• **Assignment**
Only one span of the listing below is wanted: the lines from the one with "hfov_deg=55.8. centre=(511, 455)." through the one with "What does the box [495,322,595,380] go round?", reproduced exactly, both ends kept.

• **Data shown**

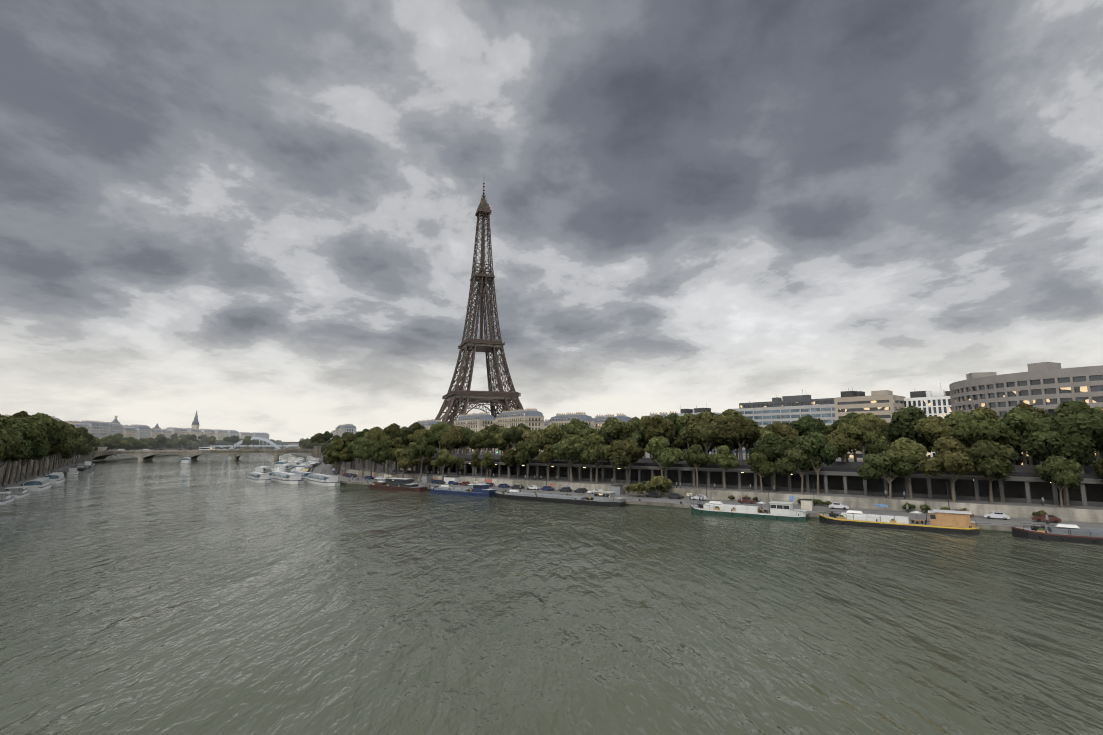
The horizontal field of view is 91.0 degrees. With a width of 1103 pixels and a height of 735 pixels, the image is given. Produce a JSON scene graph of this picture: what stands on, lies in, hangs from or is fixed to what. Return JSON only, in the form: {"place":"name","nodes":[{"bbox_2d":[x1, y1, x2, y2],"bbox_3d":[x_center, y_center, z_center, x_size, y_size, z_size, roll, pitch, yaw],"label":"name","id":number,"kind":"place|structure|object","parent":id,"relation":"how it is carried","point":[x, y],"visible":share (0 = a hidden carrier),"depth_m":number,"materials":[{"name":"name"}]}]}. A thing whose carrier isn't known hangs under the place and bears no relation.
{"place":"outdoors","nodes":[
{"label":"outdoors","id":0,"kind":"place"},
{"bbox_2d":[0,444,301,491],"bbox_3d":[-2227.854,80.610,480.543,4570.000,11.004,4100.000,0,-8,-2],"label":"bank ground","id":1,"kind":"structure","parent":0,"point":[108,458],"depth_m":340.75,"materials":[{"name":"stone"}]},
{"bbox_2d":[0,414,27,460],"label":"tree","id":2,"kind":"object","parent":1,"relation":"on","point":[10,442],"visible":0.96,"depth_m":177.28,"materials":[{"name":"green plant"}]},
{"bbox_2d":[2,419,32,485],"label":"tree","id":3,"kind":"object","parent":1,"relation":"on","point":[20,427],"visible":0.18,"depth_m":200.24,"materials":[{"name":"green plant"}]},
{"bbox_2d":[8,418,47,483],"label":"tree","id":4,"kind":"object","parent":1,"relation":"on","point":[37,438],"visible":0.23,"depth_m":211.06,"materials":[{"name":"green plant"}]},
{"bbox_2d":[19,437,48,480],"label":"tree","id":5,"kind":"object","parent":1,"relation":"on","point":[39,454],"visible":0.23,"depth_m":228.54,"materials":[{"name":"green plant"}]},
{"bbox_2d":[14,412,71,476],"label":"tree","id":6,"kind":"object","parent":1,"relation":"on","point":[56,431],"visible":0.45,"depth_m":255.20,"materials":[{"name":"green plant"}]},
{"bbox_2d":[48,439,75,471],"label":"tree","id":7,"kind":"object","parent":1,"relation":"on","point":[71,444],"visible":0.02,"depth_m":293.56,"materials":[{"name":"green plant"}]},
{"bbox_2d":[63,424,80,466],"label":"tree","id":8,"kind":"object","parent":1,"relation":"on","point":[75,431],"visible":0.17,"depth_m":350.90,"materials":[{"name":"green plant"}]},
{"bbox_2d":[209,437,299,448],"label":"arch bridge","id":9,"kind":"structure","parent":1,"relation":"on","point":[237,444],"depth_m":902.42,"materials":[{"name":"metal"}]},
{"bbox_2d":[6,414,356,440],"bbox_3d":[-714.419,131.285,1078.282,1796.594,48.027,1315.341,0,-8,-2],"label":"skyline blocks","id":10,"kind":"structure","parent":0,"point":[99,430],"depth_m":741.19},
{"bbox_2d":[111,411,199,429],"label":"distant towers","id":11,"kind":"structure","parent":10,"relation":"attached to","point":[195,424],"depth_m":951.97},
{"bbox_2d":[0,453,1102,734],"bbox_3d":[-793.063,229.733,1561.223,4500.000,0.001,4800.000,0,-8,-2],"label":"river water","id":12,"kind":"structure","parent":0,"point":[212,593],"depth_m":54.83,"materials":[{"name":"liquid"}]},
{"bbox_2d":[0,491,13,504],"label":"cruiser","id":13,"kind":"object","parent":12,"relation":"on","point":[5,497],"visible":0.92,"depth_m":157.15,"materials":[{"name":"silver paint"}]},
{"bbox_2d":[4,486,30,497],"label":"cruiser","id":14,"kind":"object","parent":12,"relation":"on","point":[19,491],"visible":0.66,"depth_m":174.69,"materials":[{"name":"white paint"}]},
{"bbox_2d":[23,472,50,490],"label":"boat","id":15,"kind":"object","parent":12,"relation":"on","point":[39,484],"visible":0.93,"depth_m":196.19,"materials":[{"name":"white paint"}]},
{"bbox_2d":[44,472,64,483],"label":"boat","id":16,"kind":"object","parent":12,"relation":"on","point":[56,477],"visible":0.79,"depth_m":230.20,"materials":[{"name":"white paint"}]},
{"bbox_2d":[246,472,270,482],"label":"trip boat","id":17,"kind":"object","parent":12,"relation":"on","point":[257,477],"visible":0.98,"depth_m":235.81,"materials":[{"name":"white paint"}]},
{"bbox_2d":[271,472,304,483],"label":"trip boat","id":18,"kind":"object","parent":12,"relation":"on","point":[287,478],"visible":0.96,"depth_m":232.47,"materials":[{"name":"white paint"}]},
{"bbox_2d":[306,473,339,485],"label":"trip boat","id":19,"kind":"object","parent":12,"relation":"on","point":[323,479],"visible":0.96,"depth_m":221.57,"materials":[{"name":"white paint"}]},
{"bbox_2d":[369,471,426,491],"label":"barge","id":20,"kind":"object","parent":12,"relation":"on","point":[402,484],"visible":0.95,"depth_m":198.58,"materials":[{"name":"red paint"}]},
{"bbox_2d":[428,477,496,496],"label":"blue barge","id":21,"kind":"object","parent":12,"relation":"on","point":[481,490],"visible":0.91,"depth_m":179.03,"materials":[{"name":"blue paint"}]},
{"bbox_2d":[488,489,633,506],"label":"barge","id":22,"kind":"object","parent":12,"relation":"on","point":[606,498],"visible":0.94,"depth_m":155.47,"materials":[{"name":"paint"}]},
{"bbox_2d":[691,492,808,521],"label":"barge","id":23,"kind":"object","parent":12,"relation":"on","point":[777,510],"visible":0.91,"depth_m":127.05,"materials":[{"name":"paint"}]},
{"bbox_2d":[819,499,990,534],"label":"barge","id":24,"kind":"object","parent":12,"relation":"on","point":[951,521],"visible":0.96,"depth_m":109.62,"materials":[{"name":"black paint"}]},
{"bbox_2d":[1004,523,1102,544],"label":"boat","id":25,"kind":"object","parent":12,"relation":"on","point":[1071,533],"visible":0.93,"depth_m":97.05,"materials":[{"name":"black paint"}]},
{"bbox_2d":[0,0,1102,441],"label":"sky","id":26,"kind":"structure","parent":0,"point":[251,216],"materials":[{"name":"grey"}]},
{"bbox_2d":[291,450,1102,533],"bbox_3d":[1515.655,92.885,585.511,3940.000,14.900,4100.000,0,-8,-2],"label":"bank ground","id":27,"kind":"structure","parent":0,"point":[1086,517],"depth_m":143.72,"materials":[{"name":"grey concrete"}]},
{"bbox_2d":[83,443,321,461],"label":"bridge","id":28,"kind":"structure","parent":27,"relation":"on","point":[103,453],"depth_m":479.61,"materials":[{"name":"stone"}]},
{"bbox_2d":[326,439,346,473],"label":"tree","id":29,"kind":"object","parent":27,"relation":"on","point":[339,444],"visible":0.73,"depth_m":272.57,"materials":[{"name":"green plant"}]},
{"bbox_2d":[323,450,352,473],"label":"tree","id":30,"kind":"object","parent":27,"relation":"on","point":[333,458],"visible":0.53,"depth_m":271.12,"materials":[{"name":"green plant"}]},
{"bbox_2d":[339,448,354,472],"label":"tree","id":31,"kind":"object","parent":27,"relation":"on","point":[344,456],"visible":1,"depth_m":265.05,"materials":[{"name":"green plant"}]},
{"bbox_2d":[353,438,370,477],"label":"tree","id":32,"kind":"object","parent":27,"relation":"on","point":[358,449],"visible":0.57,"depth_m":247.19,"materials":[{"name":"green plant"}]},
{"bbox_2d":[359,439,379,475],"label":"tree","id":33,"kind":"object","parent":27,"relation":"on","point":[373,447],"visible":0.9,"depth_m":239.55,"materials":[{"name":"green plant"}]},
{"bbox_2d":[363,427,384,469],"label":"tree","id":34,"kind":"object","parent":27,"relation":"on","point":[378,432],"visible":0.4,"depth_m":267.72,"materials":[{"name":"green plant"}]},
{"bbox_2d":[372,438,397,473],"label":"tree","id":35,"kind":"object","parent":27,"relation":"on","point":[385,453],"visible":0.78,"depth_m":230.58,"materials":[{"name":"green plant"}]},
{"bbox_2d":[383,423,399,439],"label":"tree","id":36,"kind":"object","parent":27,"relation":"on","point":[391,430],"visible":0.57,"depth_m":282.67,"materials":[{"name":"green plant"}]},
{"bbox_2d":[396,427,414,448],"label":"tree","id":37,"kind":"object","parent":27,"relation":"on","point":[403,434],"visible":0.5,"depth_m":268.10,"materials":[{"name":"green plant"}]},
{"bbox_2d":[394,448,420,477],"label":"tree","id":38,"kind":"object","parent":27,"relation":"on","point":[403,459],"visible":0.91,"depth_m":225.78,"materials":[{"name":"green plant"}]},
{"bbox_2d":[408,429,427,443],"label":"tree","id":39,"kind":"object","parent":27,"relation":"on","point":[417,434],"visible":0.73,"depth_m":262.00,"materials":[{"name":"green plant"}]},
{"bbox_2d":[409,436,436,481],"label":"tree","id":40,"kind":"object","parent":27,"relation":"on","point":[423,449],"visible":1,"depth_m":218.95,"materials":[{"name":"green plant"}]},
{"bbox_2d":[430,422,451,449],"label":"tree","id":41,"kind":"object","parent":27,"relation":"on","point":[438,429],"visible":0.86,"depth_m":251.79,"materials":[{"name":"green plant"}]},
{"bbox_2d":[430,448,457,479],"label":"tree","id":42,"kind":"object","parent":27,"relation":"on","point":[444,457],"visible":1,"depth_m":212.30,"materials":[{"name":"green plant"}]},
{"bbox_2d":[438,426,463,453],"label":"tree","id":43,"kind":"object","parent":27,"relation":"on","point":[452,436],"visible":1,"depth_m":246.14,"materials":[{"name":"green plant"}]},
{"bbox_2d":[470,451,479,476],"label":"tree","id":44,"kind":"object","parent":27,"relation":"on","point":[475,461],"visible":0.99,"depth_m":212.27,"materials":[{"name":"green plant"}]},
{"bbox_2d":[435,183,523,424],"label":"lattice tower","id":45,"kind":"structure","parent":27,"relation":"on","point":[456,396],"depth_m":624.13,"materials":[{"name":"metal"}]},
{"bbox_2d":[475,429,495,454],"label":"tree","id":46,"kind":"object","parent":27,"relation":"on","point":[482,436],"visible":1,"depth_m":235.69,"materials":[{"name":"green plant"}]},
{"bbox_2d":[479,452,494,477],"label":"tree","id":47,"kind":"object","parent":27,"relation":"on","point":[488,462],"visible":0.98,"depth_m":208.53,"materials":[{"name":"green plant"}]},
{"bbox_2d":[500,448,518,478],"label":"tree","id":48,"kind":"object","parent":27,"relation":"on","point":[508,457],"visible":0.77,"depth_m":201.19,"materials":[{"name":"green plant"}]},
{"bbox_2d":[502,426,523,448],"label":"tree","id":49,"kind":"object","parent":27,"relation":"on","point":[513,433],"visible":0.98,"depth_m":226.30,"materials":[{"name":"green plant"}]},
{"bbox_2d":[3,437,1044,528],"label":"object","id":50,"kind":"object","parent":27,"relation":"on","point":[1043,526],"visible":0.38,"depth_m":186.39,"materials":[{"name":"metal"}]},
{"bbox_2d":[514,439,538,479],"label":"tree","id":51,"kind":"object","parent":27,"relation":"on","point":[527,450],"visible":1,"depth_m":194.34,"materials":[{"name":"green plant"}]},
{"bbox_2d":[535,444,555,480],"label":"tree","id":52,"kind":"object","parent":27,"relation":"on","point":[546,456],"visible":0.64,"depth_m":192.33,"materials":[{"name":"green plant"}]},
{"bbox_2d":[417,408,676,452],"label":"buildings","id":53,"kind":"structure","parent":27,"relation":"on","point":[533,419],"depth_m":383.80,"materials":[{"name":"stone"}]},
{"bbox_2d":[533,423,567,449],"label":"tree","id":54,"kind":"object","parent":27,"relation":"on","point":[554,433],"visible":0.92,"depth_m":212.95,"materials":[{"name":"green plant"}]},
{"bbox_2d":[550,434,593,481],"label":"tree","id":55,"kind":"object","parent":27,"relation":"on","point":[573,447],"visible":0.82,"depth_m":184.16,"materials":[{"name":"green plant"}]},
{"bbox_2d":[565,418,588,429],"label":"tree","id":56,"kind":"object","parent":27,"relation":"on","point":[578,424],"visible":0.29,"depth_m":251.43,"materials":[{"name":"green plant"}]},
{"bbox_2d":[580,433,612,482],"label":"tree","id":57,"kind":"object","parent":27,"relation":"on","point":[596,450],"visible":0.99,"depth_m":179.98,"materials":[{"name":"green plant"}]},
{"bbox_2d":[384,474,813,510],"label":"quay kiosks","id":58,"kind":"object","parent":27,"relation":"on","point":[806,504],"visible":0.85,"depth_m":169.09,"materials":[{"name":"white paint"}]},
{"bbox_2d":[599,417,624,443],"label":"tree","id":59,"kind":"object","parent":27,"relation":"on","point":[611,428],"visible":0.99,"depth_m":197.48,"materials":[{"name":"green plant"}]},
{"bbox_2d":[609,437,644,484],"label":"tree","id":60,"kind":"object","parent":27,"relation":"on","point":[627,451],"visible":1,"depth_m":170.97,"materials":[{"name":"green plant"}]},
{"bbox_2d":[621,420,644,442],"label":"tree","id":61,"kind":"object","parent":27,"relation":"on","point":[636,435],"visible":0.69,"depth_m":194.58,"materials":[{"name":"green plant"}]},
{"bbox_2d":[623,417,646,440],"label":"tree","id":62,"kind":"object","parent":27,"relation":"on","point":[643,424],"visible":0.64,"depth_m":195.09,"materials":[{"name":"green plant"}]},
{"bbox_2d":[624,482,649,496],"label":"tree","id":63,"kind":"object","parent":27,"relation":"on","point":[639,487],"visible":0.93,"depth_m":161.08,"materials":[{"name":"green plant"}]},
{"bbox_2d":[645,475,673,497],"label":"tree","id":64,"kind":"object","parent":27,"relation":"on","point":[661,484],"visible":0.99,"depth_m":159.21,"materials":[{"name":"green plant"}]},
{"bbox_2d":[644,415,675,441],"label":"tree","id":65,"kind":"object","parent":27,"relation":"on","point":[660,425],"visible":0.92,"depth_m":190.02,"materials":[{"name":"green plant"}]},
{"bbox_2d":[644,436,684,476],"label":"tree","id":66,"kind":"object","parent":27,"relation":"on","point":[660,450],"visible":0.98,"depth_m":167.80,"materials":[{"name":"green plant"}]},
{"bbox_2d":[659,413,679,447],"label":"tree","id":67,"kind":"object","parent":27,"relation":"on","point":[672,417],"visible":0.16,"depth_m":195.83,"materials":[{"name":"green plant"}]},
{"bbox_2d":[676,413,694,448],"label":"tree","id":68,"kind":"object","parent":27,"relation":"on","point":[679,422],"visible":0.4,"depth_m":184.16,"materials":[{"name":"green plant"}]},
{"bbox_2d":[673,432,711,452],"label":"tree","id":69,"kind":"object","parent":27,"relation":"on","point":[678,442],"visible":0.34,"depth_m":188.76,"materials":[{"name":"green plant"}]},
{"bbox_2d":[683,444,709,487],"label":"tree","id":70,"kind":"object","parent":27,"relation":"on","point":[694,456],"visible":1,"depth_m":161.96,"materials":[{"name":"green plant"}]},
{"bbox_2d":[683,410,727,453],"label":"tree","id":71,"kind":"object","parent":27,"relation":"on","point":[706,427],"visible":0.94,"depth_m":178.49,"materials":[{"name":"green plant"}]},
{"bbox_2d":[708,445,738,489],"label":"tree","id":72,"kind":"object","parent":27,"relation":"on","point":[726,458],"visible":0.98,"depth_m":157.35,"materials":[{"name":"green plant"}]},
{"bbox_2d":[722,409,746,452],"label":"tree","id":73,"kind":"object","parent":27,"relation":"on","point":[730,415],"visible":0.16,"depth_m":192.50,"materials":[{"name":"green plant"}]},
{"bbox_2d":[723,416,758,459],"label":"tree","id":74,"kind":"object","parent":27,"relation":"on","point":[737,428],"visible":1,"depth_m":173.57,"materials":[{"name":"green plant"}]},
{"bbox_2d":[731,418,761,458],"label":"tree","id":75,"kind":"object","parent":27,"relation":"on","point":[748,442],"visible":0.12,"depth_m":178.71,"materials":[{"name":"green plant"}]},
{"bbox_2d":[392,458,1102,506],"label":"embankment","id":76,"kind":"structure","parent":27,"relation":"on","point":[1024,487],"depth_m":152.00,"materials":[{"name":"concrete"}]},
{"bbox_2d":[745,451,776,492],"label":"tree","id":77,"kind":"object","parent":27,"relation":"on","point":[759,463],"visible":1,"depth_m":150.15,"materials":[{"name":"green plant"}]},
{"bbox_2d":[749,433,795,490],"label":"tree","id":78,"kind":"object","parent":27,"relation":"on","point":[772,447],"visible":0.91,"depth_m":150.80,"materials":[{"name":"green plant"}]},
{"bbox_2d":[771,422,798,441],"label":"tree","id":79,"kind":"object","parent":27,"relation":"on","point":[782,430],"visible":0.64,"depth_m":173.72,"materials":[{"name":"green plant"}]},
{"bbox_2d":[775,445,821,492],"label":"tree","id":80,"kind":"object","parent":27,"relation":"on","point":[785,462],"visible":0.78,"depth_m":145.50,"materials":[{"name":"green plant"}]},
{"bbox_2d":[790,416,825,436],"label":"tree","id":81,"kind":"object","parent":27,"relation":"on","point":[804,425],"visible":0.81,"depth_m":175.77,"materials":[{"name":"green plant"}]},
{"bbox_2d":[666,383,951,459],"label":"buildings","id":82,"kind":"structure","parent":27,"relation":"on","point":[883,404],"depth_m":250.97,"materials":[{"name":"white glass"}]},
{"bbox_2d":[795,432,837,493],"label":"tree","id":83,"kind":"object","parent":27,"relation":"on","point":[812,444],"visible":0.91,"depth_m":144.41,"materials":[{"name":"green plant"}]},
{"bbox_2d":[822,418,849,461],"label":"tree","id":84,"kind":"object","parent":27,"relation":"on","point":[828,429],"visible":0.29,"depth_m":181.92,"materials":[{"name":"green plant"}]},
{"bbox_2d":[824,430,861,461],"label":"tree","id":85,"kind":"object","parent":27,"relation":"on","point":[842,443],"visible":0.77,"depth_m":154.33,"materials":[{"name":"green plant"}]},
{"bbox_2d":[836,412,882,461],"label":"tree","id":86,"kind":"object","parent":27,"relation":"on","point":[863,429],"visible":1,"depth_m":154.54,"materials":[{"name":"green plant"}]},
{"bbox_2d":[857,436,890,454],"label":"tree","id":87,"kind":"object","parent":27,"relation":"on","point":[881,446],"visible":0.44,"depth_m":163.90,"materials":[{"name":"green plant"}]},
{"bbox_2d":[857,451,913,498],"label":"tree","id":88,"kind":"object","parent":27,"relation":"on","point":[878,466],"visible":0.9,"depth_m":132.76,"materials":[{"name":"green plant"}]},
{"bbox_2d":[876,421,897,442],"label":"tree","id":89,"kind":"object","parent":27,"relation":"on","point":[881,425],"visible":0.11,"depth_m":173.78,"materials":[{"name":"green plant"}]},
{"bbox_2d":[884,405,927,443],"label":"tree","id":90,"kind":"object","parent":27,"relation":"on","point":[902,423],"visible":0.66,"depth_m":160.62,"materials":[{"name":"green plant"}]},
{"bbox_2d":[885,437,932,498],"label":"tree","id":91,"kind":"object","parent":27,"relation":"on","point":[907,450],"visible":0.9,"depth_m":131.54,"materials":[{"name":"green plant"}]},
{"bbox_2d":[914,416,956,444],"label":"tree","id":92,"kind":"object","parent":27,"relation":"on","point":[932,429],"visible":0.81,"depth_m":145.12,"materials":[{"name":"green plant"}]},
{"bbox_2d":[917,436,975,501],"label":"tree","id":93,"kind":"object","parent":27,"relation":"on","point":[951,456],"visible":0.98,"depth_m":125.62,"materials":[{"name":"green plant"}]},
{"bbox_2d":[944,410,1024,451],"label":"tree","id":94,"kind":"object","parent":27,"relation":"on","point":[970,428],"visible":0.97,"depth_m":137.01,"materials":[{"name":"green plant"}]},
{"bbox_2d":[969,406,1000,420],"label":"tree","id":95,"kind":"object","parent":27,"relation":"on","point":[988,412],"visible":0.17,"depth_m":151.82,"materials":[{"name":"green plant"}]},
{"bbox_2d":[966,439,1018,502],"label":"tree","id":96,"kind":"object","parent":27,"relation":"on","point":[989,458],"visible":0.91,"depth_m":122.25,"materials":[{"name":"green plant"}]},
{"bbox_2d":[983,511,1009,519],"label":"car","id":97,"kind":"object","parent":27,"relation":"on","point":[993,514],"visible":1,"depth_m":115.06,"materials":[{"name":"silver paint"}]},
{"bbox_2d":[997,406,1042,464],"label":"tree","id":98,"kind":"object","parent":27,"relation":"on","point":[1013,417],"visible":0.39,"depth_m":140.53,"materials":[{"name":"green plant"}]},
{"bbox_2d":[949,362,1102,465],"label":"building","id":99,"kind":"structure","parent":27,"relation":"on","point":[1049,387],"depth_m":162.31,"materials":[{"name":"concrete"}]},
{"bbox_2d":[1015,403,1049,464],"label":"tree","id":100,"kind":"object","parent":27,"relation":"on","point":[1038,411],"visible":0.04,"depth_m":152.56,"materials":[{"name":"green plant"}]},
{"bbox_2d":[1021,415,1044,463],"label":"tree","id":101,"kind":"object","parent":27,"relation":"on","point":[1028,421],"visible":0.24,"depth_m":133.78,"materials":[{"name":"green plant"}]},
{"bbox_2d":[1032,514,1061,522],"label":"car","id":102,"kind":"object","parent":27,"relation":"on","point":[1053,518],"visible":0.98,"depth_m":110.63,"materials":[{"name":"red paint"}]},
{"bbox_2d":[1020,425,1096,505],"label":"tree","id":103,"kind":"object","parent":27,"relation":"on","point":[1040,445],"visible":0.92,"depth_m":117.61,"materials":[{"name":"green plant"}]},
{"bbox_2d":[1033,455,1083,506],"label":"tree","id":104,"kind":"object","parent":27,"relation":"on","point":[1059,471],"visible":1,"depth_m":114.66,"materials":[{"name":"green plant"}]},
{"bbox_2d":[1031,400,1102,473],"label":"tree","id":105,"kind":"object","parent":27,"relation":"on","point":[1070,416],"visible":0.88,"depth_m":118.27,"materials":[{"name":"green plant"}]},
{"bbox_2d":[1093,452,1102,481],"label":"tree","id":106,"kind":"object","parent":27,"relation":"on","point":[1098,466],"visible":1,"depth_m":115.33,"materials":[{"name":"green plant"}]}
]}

---

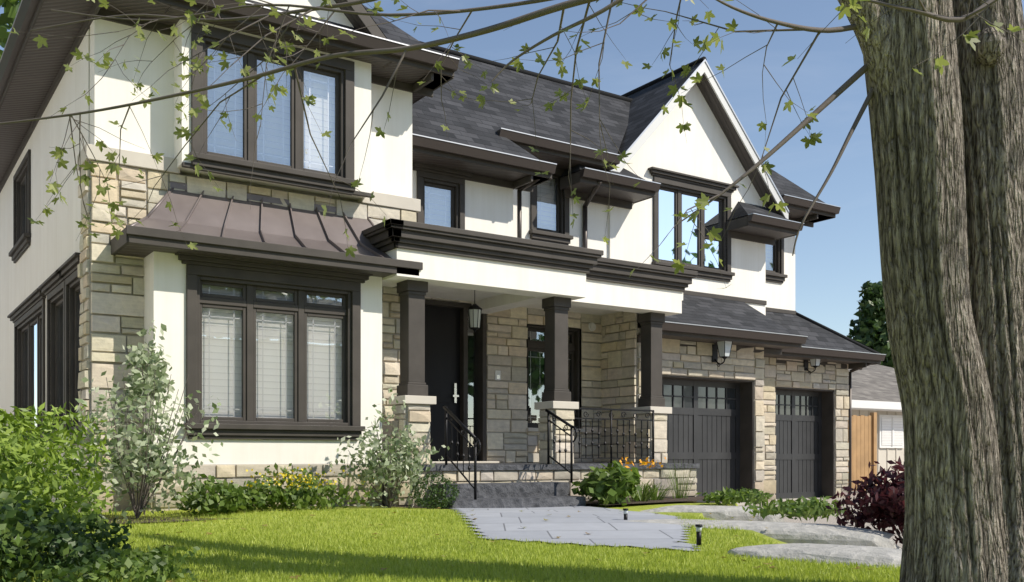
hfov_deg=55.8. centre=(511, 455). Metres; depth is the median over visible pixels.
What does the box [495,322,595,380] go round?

• **Expected answer**
hfov_deg=55.8. centre=(511, 455). Metres; depth is the median over visible pixels.
What does the box [495,322,595,380] go round?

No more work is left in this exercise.